FISPAN, for one, has developed a platform for Sage Intacct users that allows clients to view their transfer status at all points of the payables journey. It will also flag if there’s a problem that needs to be fixed for a single payment, rather than an “error” that is indicated for the entire batch file—which leaves frustrated users having to start the process all over again. If a vendor is not properly set up to receive a transfer, Sage Intacct is able to immediately notify the user, thanks to the many APIs operating in the background. If the transfer were to fail somewhere along the way, or the international bank in question added a $20 fee to its transaction, the system will even report and share this information too.
In a recent conversation on the If I Ran the Bank Podcast, Dave Pike, Head of Strategic Architecture at ANZ, discussed how catering to the customer experience is beneficial for the bank. More importantly, he suggested how they can do it:
Every bank already has a mobile app for personal banking, effectively making banking more convenient, accessible, and streamlined. Instead of cashing a cheque at your local branch, now you can just scan photos with your phone and submit it directly within the app. With the bank in your pocket, FIs have energetically brought their banking products and services directly to their consumers. It’s time for them to do the same with their commercial clients; except, they don’t live on their phone, but rather their work computers, and more specifically, their accounting software. APIs are crucial for your banking team to create these digitized, customizable commercial banking experiences. You can create products and streamline the processes that meet your corporate clients right where they live: in their accounting systems.
While some banks understand the value of APIs, many others are implementing them because they think they have to. They view the creation of the API as the objective in itself, rather than taking into account the user, which is often another developer or, ultimately, a client. This type of mindset doesn’t consider that person’s intentions or goals, or what they might want to do with the API. Banks should also make their APIs easier for outside developers to work with so that they can more easily integrate bank offerings or information into the programs they’re developing. That means adding in resources or clickable demos.
At the same time, many financial institutions, as evidenced by the McKinsey study, are building APIs for themselves — to help them do something more efficiently on their end — rather than for the client, who wants a more enhanced banking experience. Many also make the mistake of creating an API for something that already works without one.

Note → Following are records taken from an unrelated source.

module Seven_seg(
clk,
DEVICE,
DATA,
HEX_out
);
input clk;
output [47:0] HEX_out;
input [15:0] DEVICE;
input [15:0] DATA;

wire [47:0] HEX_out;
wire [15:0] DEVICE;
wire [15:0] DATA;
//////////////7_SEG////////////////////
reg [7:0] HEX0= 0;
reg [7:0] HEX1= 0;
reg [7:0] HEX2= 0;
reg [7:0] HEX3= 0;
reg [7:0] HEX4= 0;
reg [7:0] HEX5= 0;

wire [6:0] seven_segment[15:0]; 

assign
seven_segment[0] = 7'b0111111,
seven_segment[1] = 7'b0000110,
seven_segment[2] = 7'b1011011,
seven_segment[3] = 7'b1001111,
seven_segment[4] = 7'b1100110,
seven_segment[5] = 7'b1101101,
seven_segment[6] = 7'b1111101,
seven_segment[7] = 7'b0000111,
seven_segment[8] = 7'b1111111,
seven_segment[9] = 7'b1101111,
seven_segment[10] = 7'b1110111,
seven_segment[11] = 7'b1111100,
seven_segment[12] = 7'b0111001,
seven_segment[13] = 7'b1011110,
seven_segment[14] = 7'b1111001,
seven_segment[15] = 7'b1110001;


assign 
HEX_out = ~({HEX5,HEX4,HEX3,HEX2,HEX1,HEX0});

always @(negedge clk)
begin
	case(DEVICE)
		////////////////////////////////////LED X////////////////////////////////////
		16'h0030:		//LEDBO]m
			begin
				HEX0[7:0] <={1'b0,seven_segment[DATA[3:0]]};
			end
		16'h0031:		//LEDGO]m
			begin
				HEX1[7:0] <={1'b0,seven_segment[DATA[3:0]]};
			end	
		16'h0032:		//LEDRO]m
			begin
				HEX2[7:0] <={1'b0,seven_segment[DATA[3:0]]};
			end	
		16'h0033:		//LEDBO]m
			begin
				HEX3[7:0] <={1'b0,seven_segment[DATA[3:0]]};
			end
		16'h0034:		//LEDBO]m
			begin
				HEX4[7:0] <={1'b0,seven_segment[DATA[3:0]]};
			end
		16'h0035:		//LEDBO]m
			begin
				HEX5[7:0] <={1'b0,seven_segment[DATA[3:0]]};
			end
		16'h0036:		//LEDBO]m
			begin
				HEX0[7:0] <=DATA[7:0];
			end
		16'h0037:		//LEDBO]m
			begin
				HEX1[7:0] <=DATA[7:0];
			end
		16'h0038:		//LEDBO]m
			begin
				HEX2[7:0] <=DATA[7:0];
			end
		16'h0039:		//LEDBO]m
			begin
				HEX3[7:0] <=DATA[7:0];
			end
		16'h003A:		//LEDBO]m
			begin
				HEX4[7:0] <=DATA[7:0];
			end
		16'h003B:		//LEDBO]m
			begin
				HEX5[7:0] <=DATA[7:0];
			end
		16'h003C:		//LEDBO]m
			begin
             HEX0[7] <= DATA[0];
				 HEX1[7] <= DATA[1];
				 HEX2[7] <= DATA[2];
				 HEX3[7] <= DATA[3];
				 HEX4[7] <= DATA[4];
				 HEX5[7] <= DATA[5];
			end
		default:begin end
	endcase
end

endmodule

One of the problems is that banks aren’t set up to create APIs in an efficient way, especially since they’re working with legacy systems. Yet, for them to move into a more digital age, creating APIs is a must. Banks don’t have to do it themselves, though. There are FinTechs, like FISPAN, who can develop APIs that speak to the programs their customers are using, and they can create them quickly.

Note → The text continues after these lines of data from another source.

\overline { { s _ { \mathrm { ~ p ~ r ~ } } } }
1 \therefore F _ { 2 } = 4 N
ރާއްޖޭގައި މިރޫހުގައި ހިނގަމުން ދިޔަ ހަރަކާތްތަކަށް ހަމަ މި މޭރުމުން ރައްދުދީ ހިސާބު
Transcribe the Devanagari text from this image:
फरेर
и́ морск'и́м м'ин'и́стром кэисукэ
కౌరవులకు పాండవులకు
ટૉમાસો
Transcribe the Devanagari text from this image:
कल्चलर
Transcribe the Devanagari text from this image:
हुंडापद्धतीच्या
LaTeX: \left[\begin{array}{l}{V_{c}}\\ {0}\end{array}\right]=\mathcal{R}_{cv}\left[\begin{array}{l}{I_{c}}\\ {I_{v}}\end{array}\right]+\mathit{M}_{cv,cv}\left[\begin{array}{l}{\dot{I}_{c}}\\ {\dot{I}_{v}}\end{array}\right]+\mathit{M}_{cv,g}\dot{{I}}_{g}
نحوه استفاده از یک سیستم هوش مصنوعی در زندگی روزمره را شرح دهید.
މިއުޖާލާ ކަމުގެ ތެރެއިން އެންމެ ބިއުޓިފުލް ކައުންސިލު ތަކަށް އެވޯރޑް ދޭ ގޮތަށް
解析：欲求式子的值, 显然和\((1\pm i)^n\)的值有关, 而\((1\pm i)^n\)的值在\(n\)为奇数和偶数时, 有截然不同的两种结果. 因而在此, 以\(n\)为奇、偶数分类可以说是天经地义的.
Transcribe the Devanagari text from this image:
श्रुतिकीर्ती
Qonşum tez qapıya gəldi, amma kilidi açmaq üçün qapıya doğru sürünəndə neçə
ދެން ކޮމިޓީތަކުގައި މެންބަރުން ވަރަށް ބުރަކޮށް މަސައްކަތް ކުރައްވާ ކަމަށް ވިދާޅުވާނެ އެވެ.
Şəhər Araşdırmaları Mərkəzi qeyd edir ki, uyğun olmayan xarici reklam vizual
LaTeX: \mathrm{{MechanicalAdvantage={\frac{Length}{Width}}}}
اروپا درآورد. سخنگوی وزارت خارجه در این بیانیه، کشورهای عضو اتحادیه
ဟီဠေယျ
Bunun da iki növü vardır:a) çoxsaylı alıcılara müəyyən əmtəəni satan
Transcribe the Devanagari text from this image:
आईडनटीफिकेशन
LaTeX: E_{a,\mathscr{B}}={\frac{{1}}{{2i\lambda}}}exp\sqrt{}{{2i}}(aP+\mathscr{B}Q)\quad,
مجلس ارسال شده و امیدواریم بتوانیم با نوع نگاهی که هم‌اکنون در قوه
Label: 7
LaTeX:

The three current trends driving digital innovation in corporate banking are the rise of omnichannel banking, challenger banks growing in new niches, and FinTech companies offering their own banking services. The common denominator between all three is that they’re powered by treasury APIs.
How does a bank prepare for these trends?
Ultimately, any product or service that a bank offers should come with a publicly consumable API. The ones that do this right will be better positioned to improve their operations, including the use of automation and robotics, and they’ll create better user experiences. One place banks can start is by writing down a list of all the products and service offerings that generate the highest revenue and then work down that list to see how APIs can create a better experience in those areas.
In any case, it’s time for banks to take APIs more seriously, because the ones that do will be the ones who will thrive in the future.